SAS1B discovery could fundamentally alter cancer treatment
Posted: 10 September 2015 | Victoria White
The SAS1B protein appears only on egg cells and cancer cells, and could serve as a target for tiny tracking probes created using monoclonal antibodies…
Cancer cells riddled with holes and dying after treatment with an antibody drug conjugate that targets the SAS1B protein on the surface of tumour cells. CREDIT: John Herr | University of Virginia School of Medicine
Researchers from University of Virginia School of Medicine have discovered a new strategy for attacking cancer cells that could fundamentally alter the way doctors treat and prevent the deadly disease.
By more selectively targeting cancer cells, this method offers a strategy to reduce the length of and physical toll associated with current treatments.
“We think we have a way not only to more specifically target cancer cells, but a way that could become a frontline treatment for women who have cancers of many types and want to preserve fertility,” said reproduction researcher John Herr, PhD, of UVA’s Department of Cell Biology.
Herr and his research partner, Department of Obstetrics and Gynecology biologist Eusebio Pires, PhD, both specialise in germ cells – the reproductive cells that make up sperm and eggs. While researching new methods of contraception, Pires and Herr discovered a surprising link between developing egg cells and tumours.
At the time, Herr and Pires were studying a protein called SAS1B that is typically only on the surface of developing and mature egg cells. The restriction of SAS1B to growing eggs suggests strategies for developing improved female contraceptives that selectively target only the pool of growing eggs, potentially reducing unwanted side effects of current steroidal contraceptives.
Researchers found SAS1B expressed in a number of cancers
Although the team originally focused on SAS1B because of its possible use in contraception, a single piece of data in the US National Cancer Institute’s GenBank database, showing expression of SAS1B in a uterine cancer, led their team to begin a search for it on the surface of various cancer types.
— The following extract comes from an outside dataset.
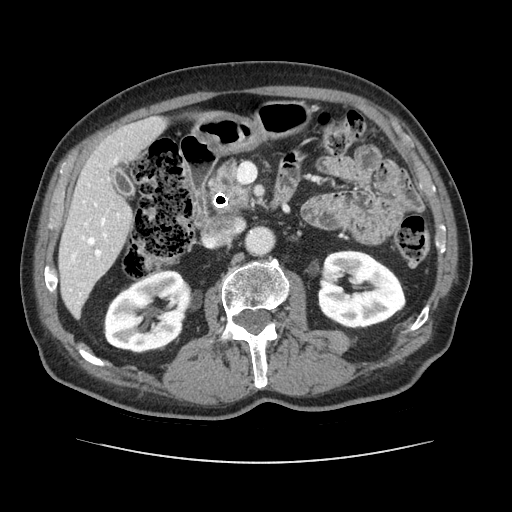

CT slice | Upper abdomen

The pancreatic tumor is located at <bbox>228, 186, 247, 204</bbox>. The pancreas appears at <bbox>215, 162, 249, 205</bbox>.

So far, they have found SAS1B expressed in breast, melanoma, uterine, renal, ovarian, head and neck, and pancreatic cancers. There is also evidence to suggest that it appears in bladder cancers.
“The research opens a new field of enquiry, termed cancer-oocyte neoantigens, and reveals a previously little know fundamental aspect of cancer – that many types of cancer, when they dysregulate or go awry, revert back and take on features of the egg, the original cell from which all the tissues in the body derive,” Herr said.
Herr and Pires have found a way to exploit this fundamental insight by developing a method for delivering medication using the SAS1B protein as a target.
Because the SAS1B protein appears only on egg cells and cancer cells, the molecule can serve as a target for tiny tracking probes created using monoclonal antibodies. Monoclonal antibodies are highly pure antibodies designed to bind to one single target protein with a uniform affinity. The monoclonal antibodies attach to any cell marked with SAS1B proteins. Then the monoclonal antibody-SAS1B complexes can function as tiny injectors for targeted medication.
“You add a SAS1B-targeted antibody with a drug on it, and within 15 minutes of contacting the cancer cells, the antibody binds at the cell surface and the antibody-SAS1B complexes begin the internalization process,” Herr said.
After about an hour, the antibody-SAS1B complexes reach compartments inside the cell and release their toxic drug payload, triggering changes leading to cell death within a few days.
The targeted drug delivery could mean a dramatic reduction in side effects
This kind of targeted drug delivery could mean a dramatic reduction in the difficult side effects of traditional cancer treatment such as hair loss, nausea, anaemia and neuropathy. Both women and men can use the treatment, which is predicted to dramatically limit unwanted side effects on healthy normal cells. For female cancer patients especially, a drug that doesn’t touch their body’s reserve of quiescent eggs could be a huge breakthrough.
While the monoclonal antibodies would have to attack the pool of growing egg cells in addition to the SAS1B positive cancer cells, the ovaries’ supply of dormant eggs would remain healthy and untouched by the treatment. This means normal ovulation could begin again once treatment is complete and oocytes are again recruited to develop and ovulate.